After stage \(\ell\) is fit, all stage scalars are refit by ordinary least squares. Build the design matrix \(M\in\mathbb{R}^{n\times 2\ell}\) whose columns are the per-stage unscaled products,

\[ M_{i,k} = \prod_{j=1}^p \hat{m}_{+,j}^{(k)}(x_j^{(i)}), \qquad M_{i,\ell+k} = -\prod_{j=1}^p \hat{m}_{-,j}^{(k)}(x_j^{(i)}), \qquad k=1,\dots,\ell, \]

and solve \(\boldsymbol{\lambda} = (M^\top M)^{-1} M^\top \mathbf{y}\) with \(\boldsymbol{\lambda} = [\lambda_{+}^{(1)},\dots,\lambda_{+}^{(\ell)},\lambda_{-}^{(1)},\dots,\lambda_{-}^{(\ell)}]^\top\). This orthogonal-greedy refit makes the coefficients jointly optimal given all stages so far, improving on frozen-coefficient greedy fitting.

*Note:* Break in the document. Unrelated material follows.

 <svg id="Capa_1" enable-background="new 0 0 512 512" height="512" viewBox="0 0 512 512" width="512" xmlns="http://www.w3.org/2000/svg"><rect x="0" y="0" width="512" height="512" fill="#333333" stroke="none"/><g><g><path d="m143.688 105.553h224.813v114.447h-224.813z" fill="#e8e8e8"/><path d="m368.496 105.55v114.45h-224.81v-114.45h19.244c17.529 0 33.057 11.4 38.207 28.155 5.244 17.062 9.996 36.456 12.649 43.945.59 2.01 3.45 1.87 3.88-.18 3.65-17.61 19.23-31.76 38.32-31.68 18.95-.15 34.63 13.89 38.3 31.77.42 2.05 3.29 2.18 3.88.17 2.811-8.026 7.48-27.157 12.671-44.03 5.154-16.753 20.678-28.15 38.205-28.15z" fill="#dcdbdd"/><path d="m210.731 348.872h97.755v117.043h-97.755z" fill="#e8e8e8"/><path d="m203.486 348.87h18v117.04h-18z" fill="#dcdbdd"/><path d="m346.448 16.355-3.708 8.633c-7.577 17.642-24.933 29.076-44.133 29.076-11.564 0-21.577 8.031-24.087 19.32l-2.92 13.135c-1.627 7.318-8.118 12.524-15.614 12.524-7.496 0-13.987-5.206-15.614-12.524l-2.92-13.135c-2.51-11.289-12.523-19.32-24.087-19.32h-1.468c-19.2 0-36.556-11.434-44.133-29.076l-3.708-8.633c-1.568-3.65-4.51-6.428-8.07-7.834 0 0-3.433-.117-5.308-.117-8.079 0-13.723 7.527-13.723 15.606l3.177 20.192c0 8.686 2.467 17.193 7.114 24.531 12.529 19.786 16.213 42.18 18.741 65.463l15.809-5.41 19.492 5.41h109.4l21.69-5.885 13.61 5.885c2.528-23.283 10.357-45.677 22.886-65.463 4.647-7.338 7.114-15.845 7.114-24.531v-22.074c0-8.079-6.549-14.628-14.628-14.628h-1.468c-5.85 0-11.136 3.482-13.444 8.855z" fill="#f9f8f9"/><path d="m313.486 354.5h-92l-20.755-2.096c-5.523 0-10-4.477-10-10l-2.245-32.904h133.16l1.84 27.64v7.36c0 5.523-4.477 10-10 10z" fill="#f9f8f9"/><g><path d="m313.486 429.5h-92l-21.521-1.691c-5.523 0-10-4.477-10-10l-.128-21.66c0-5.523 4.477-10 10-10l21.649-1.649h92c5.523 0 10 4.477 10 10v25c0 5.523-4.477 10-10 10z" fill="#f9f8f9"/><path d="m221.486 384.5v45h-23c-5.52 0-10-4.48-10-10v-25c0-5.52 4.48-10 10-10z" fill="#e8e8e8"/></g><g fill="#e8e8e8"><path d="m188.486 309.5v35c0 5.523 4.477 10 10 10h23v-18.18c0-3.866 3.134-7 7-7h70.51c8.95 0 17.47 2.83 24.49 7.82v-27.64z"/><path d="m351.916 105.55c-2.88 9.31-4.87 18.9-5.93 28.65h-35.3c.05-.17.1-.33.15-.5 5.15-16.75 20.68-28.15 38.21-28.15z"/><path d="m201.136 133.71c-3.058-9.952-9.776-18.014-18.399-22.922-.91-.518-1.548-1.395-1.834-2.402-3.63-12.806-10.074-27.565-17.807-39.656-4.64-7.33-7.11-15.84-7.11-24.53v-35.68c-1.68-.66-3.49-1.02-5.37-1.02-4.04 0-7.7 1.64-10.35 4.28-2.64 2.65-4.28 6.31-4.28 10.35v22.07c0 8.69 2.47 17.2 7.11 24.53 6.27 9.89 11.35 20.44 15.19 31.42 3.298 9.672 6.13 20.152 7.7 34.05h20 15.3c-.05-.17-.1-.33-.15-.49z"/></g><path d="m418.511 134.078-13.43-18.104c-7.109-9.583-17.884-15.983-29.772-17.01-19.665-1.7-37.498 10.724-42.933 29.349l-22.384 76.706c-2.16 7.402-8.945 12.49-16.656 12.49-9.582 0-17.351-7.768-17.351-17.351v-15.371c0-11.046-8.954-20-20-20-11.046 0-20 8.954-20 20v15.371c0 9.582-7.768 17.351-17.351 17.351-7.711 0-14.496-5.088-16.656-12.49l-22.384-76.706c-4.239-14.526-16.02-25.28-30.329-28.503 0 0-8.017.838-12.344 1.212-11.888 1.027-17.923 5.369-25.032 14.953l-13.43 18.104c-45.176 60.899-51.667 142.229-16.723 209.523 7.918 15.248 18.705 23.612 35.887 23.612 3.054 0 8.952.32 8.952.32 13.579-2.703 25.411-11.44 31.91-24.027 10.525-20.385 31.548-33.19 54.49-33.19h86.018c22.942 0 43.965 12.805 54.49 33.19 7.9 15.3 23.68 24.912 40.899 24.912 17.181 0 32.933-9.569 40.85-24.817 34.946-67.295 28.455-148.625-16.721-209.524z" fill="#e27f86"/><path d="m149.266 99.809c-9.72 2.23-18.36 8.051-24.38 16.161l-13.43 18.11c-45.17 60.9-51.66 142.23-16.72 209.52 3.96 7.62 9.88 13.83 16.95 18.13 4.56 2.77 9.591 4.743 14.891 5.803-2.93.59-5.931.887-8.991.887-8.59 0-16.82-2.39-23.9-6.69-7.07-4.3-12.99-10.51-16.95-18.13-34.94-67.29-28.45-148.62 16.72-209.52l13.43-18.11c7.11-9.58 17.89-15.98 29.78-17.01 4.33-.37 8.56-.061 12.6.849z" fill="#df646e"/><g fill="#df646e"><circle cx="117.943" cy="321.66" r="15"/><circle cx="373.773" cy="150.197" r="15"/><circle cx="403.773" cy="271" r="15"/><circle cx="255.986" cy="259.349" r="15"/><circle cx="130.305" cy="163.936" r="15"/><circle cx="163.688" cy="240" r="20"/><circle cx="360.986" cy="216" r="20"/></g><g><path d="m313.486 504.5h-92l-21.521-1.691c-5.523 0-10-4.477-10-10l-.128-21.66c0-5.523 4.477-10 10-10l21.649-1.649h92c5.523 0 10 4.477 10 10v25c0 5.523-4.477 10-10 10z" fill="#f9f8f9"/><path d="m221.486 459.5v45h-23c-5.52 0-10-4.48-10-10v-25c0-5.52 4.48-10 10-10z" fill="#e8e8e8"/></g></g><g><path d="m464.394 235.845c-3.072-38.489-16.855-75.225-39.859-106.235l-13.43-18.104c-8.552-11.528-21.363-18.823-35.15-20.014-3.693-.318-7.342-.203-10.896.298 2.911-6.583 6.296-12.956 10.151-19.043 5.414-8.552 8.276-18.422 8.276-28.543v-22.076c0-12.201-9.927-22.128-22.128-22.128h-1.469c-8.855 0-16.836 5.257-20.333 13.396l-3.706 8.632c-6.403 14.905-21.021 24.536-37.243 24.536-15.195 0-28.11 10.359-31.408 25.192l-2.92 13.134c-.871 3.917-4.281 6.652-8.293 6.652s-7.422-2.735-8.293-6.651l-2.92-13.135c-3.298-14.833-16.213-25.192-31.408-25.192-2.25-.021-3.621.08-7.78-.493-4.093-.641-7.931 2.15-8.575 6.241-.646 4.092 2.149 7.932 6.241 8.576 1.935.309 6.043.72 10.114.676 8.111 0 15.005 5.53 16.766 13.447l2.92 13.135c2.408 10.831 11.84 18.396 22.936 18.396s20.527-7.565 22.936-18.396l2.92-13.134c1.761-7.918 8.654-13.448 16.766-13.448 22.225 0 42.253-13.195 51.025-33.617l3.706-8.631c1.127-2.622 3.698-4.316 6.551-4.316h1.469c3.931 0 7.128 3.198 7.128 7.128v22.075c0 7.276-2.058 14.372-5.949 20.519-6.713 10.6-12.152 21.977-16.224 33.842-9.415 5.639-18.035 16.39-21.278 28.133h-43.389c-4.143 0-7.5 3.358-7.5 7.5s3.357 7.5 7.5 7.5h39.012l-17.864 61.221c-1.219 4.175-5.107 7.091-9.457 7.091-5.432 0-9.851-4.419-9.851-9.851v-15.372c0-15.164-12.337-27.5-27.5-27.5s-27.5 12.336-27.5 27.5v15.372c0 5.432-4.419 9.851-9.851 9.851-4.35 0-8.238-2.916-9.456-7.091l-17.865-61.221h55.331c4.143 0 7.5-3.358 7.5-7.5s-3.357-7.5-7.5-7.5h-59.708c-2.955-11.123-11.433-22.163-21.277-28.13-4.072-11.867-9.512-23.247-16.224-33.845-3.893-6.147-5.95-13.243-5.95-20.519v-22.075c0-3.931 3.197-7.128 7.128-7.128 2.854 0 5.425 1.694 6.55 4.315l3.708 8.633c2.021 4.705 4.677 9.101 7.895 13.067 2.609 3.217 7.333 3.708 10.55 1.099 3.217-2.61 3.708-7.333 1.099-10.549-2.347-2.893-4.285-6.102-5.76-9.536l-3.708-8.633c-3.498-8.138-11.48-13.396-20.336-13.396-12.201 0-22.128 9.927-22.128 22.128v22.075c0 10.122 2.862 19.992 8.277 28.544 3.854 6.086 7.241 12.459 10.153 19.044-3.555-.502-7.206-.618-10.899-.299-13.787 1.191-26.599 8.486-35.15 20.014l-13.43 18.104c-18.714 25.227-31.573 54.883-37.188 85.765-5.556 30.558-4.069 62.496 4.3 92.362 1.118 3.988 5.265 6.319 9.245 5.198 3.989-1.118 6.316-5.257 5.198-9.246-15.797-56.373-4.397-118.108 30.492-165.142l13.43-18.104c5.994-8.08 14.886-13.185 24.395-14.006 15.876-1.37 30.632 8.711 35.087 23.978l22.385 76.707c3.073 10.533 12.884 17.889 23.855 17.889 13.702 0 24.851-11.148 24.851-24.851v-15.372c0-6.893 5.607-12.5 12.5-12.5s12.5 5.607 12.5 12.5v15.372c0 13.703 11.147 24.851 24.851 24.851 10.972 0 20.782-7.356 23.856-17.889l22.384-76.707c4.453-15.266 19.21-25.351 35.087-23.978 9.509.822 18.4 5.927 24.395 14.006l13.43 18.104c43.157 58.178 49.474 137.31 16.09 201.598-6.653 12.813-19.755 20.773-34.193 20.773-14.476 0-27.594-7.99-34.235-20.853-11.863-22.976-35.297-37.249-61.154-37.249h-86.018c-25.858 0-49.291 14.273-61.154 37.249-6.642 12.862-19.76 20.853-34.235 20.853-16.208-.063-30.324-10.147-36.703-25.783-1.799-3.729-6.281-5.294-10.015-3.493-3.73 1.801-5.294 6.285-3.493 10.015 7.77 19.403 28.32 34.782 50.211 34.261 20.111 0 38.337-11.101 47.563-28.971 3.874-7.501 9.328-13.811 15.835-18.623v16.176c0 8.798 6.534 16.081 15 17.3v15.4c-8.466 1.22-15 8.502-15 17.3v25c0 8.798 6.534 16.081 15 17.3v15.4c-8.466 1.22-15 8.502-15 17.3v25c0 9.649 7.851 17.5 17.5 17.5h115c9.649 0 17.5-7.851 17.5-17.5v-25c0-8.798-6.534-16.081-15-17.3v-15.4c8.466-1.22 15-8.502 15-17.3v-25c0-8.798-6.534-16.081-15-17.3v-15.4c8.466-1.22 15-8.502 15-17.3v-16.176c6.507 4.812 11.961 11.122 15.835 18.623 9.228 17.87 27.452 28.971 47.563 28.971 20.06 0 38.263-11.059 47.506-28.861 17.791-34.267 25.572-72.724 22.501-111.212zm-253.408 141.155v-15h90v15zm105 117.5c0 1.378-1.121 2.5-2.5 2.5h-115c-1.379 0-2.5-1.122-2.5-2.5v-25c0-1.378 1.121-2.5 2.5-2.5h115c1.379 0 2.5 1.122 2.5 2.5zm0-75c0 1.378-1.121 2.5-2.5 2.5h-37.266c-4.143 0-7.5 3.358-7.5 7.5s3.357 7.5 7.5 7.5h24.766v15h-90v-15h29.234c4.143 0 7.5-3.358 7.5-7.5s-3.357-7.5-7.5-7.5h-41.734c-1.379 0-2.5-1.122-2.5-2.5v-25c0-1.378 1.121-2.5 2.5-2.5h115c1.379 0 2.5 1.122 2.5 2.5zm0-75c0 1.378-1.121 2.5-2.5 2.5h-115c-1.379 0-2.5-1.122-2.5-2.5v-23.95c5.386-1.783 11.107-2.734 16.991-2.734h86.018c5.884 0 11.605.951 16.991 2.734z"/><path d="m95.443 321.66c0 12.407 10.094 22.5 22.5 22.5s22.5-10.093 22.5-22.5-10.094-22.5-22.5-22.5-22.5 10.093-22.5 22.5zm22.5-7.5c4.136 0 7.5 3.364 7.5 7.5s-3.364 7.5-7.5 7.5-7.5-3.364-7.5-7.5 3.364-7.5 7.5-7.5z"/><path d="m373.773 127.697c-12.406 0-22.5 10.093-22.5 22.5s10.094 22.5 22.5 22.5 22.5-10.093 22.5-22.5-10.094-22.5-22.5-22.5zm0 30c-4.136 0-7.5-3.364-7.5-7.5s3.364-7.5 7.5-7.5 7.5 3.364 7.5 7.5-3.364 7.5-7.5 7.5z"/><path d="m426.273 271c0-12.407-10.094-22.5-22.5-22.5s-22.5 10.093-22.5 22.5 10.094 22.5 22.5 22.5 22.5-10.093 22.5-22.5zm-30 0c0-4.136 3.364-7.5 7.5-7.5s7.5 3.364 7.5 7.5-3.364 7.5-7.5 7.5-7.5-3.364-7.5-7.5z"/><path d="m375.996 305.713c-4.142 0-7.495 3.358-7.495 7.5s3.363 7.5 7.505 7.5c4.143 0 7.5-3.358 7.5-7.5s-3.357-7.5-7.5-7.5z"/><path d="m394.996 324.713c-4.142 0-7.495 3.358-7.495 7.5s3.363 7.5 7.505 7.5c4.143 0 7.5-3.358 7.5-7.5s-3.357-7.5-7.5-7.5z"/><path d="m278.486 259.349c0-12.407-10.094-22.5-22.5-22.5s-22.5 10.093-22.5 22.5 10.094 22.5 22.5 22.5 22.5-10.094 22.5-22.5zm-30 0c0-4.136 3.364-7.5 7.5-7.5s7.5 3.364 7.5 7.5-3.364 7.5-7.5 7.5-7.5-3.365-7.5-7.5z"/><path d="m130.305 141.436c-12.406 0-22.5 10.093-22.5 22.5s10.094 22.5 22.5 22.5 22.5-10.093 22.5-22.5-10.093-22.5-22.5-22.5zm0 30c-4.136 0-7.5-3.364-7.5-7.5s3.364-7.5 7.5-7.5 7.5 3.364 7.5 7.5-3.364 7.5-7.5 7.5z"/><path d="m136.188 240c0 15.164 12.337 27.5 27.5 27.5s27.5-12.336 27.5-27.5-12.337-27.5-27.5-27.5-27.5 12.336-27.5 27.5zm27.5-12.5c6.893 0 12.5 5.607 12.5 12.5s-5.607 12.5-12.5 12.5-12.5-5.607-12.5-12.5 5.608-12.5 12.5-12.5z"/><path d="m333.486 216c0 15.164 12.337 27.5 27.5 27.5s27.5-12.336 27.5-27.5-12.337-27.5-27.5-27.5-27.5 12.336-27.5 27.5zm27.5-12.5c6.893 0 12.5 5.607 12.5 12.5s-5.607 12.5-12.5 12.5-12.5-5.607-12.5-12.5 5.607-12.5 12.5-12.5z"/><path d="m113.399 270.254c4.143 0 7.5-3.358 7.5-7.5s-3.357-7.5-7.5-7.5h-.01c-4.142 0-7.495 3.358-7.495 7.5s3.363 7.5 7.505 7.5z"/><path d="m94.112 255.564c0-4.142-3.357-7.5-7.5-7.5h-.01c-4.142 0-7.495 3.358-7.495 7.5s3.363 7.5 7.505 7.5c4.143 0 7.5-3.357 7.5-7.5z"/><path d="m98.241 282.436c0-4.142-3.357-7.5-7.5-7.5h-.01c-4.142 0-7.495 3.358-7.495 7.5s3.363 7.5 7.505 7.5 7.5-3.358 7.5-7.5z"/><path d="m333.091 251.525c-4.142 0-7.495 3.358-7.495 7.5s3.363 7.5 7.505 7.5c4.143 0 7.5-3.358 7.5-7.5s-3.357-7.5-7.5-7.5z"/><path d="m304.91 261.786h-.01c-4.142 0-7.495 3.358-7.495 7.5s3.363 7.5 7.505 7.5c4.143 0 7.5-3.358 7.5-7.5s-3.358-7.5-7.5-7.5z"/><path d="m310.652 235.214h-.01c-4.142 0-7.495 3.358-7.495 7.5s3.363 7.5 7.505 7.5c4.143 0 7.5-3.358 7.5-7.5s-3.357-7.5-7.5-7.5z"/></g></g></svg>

Implementation note — where the coefficients live

The backfit is solved in src/forest/fitter.rs (via LeastSquaresSvd) over the \([\tilde{m}_+^{(k)}, -\tilde{m}_-^{(k)}]\) columns of every completed stage. The solved coefficients are stored as scaling_plus/scaling_minus on each StagePredictor rather than mutating the grid's lambda_plus/lambda_minus — mathematically equivalent, and the reason scaling is applied exactly once at the stage level.

Cost¶

Total training cost is \(\mathcal{O}(R\, n_{\text{grids}}\, T\, n\, p)\) for \(R\) stages, \(n_{\text{grids}}\) bagged grids, \(T\) split iterations per grid, \(n\) samples, \(p\) features. Bagged grids are parallel, and histogram binning trades the \(n\) factor for the bin count.